By
Robert O. Dawson
Bryant Smith Chair in Law
University of Texas School of Law
2001 Case Summaries 2000 Case Summaries 1999 Case Summaries
Minor not an accomplice witness in criminal
prosecution for delivery of controlled substance to a minor [Rodriguez v. State]
(00-4-21).
On November 2, 2000, the Austin Court of Appeals held that because a minor
to whom a controlled substance had been delivered had an affirmative defense to
a charge of delivery of a controlled subtonic to a minor, that person was not an
accomplice witness in a criminal trial of the adult for delivering the
controlled substance.
¶ 00-4-21. Rodriguez v.

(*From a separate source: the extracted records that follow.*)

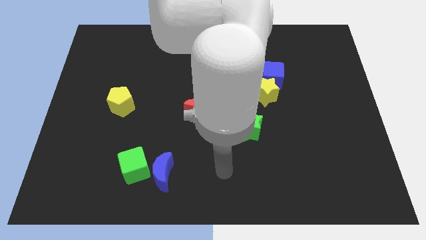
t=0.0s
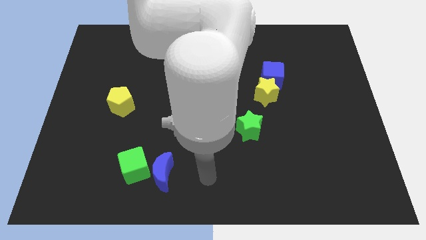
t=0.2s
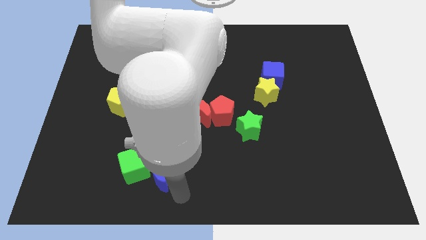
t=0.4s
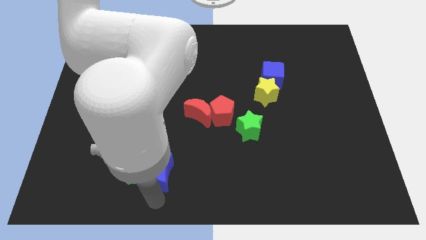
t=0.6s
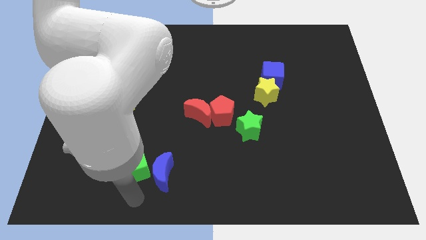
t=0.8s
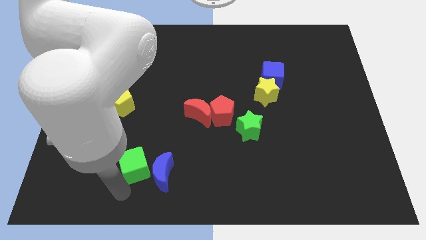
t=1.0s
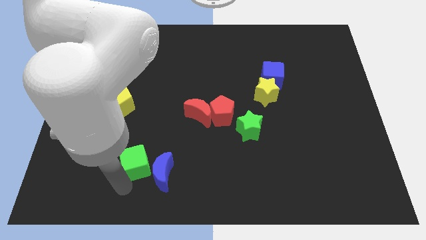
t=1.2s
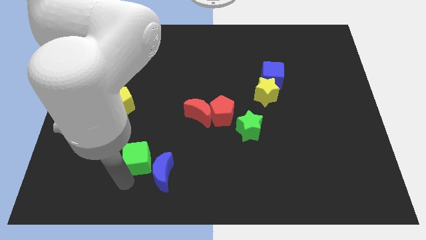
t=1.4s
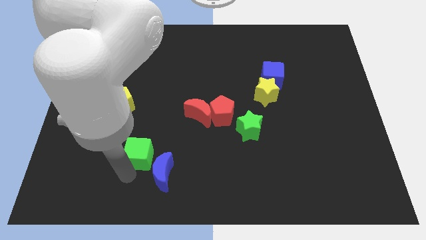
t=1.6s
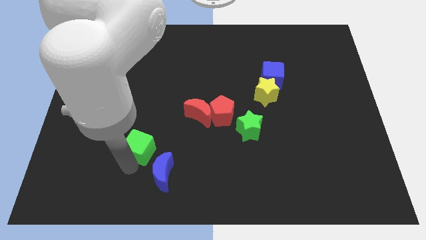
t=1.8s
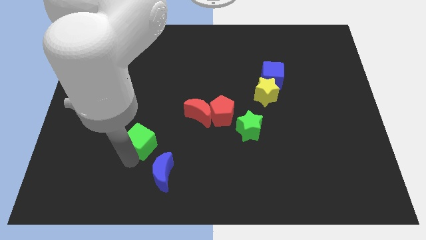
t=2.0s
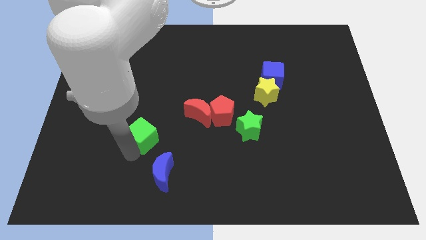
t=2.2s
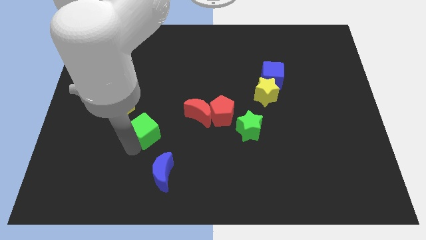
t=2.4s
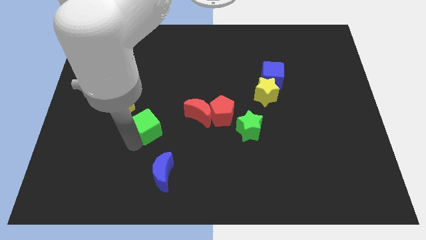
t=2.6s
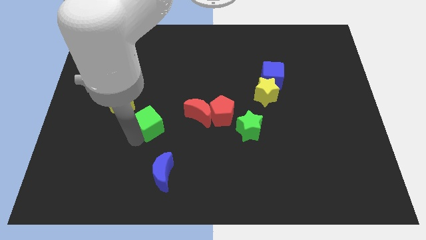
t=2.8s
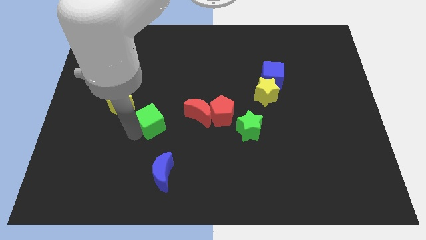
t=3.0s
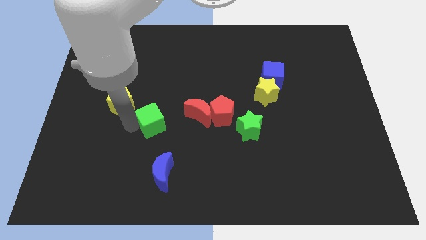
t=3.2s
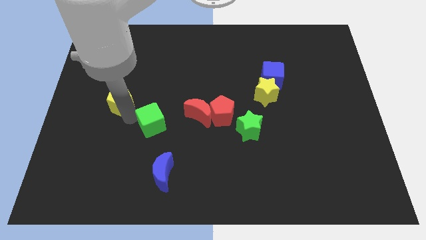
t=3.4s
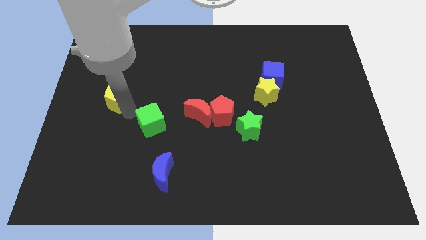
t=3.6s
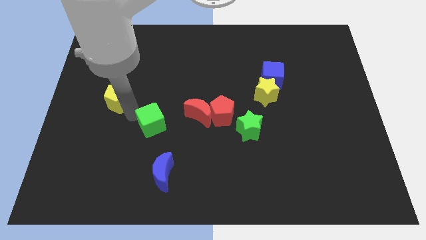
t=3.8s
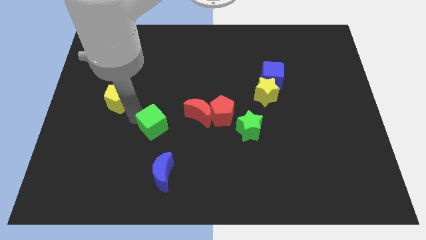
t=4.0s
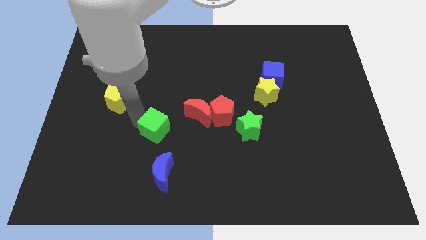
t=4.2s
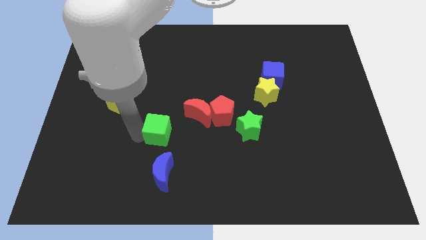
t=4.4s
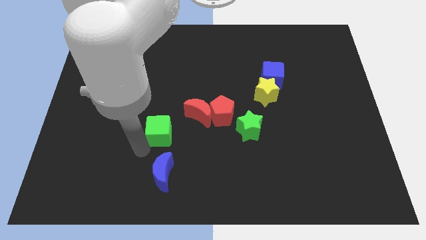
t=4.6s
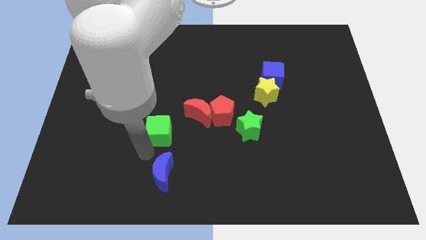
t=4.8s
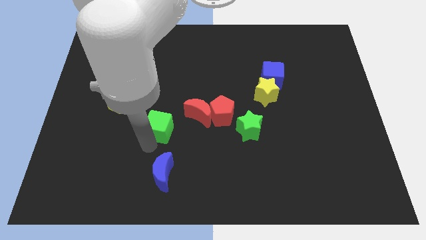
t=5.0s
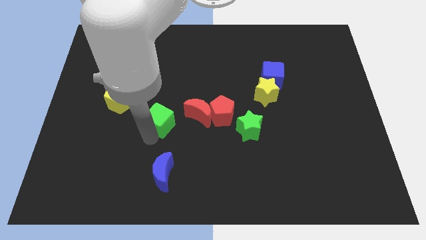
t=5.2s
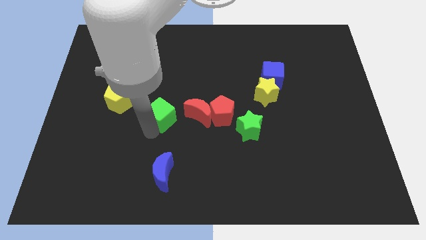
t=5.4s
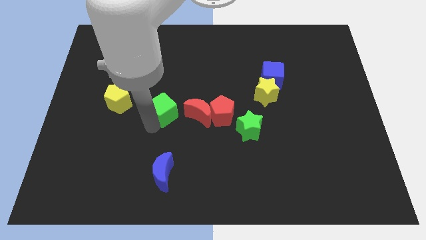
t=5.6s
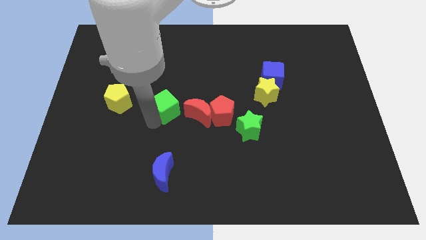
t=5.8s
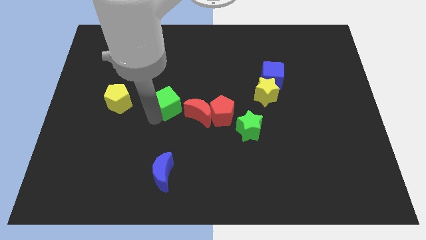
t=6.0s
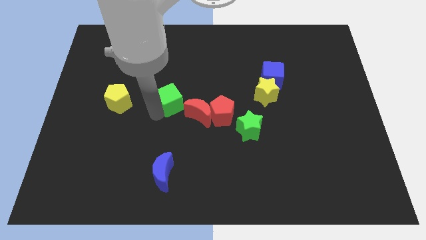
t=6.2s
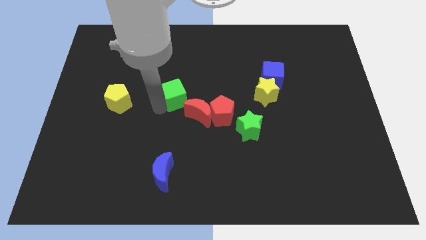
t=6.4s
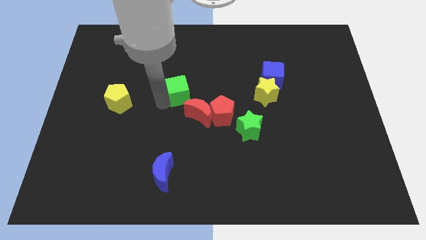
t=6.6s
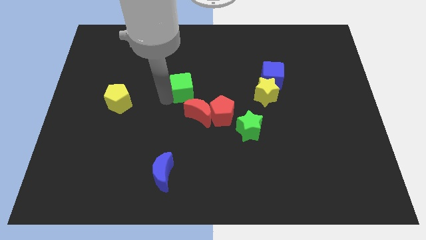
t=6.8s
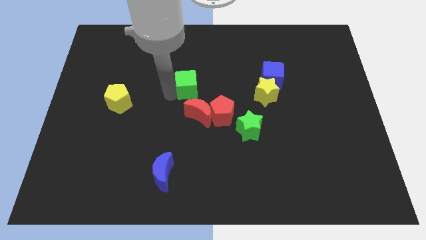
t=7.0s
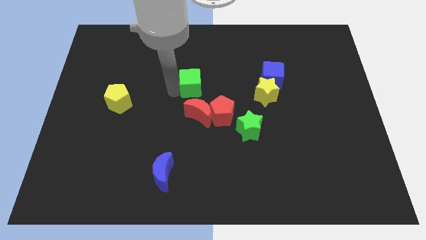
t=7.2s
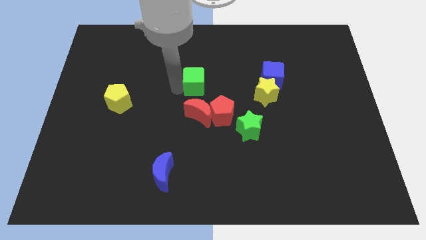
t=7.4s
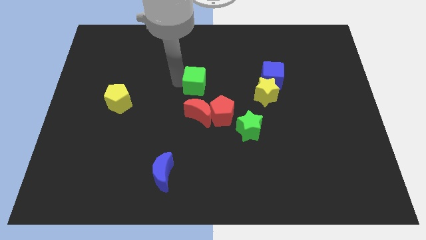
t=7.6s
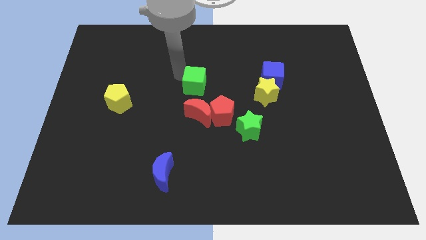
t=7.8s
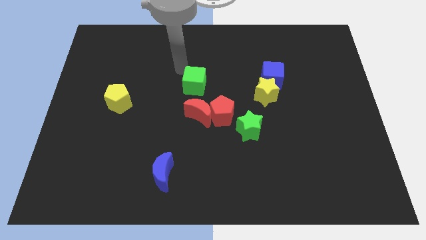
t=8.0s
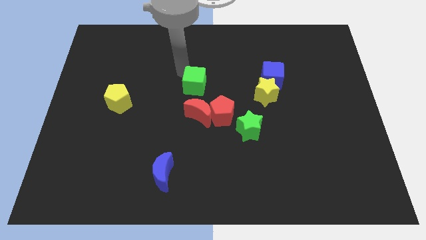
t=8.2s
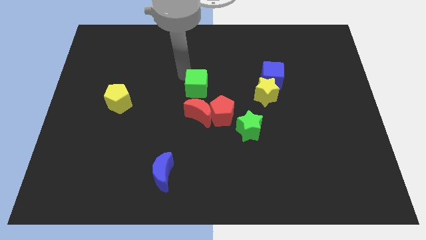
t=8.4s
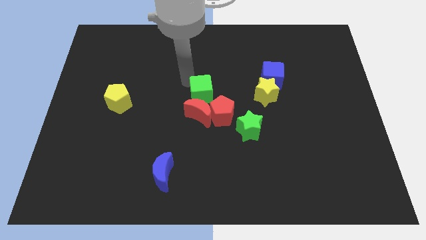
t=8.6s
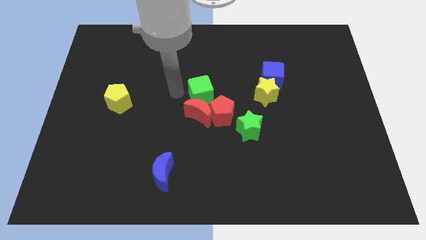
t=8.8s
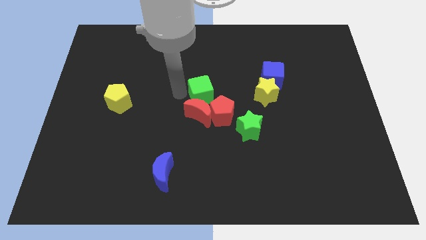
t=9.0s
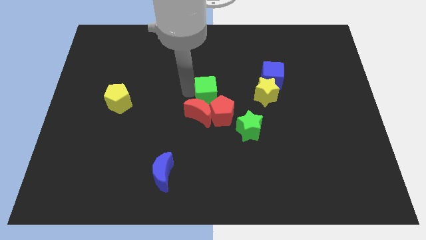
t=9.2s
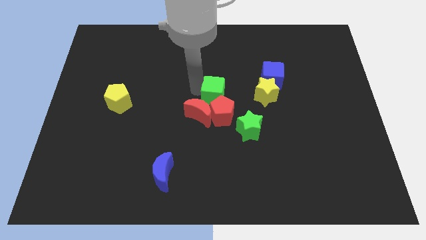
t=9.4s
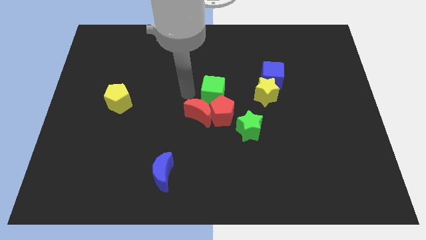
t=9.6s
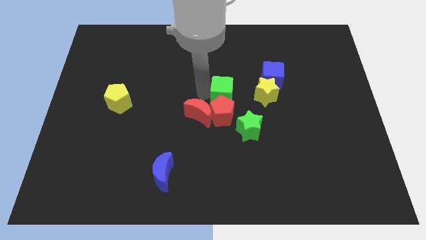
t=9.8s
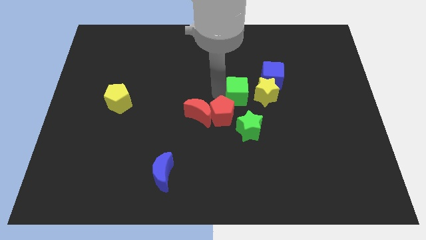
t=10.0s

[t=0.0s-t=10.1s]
put the green cube to the bottom left side of the blue cube

State, ___ S.W.3d ___, No. 03-99-00591-CR, 2000 WL
1636883, 2000 Tex.App.Lexis __ (Tex.App.—Austin 11/2/00)[Texas Juvenile Law
(5th Edition 2000)].
Facts: A jury found appellant Johnny Rodriguez guilty of delivering cocaine to a
minor. See Tex. Health & Safety Code Ann. § 481.122 (West Supp.2000). The
jury assessed punishment, enhanced by a previous felony conviction, at
imprisonment for sixty years and a $10,000 fine. We will modify the judgment of
conviction to delete the affirmative finding that Rodriguez used a deadly weapon
in the commission of the offense and affirm the judgment as modified.
Rodriguez's daughter, K.R., testified that on September 9, 1998, when she was
fourteen years old, she went to the house her father shared with his mother,
K.R.'s grandmother. Rodriguez and K.R. went to his bedroom where Rodriguez
produced a "twenty" of cocaine. [FN1] Rodriguez placed the cocaine on
the top of a speaker, chopped it with a razor blade, and divided it into lines.
Then, using a rolled up dollar bill, K.R. inhaled the cocaine as Rodriguez
watched.
FN1. K.R. testified that a "twenty" was $20 worth of cocaine, or about enough to fill a thimble.
Later that day, K.R. gave her mother, Linda Watts, four dollars to purchase gasoline. [FN2] One of the bills was the one K.R. had used to inhale the cocaine. Watts noticed some white powder on the bill. When she tasted it, it made her tongue numb. Suspecting the powder was cocaine, Watts confronted K.R., who revealed what had happened. A urine specimen taken from K.R. the next day tested positive for cocaine.
FN2. Rodriguez and Watts were divorced. Both lived in New Braunfels. K.R. lived with her mother, but often visited her father.
Held: Affirmed as modified.
Opinion Text: Rodriguez contends the evidence is legally insufficient to support
the jury's finding that he delivered cocaine to K.R. The question presented is
whether, after viewing all the evidence in the light most favorable to the
verdict, any rational trier of fact could have found the essential elements of
the offense beyond a reasonable doubt. See Jackson v. Virginia, 443 U.S. 307,
324 (1979); Griffin v. State, 614 S.W.2d 155, 158-59 (Tex.Crim.App.1981).
Rodriguez first argues that K.R. was an accomplice witness, and that her
testimony was not adequately corroborated. See Tex.Code Crim. Proc. Ann. art.
38.14 (West 1979) (accomplice witness rule). Rodriguez relies on the opinion in
Blake v. State, 971 S.W.2d 451, 461 (Tex.Crim.App.1998), in which the juvenile
exception to the accomplice witness rule was abolished.
The test for determining whether a witness is an accomplice under article 38.14
is whether the witness could be prosecuted under the same indictment by which
the accused was charged. See Gamez v. State, 737 S.W.2d 315, 322
(Tex.Crim.App.1987); Reyna v. State, 22 S.W.3d 655, 659 (Tex.App.--Austin 2000,
no pet.). It is an affirmative defense to prosecution for delivering a
controlled substance to a minor that the actor was younger than twenty-one years
of age. See Tex. Health & Safety Code Ann. § 481.122(b)(1) (West
Supp.2000). Thus, while there is no longer a blanket exception to the accomplice
witness rule for juveniles, K.R. could not be prosecuted for the offense for
which Rodriguez was indicted and therefore was not an accomplice witness.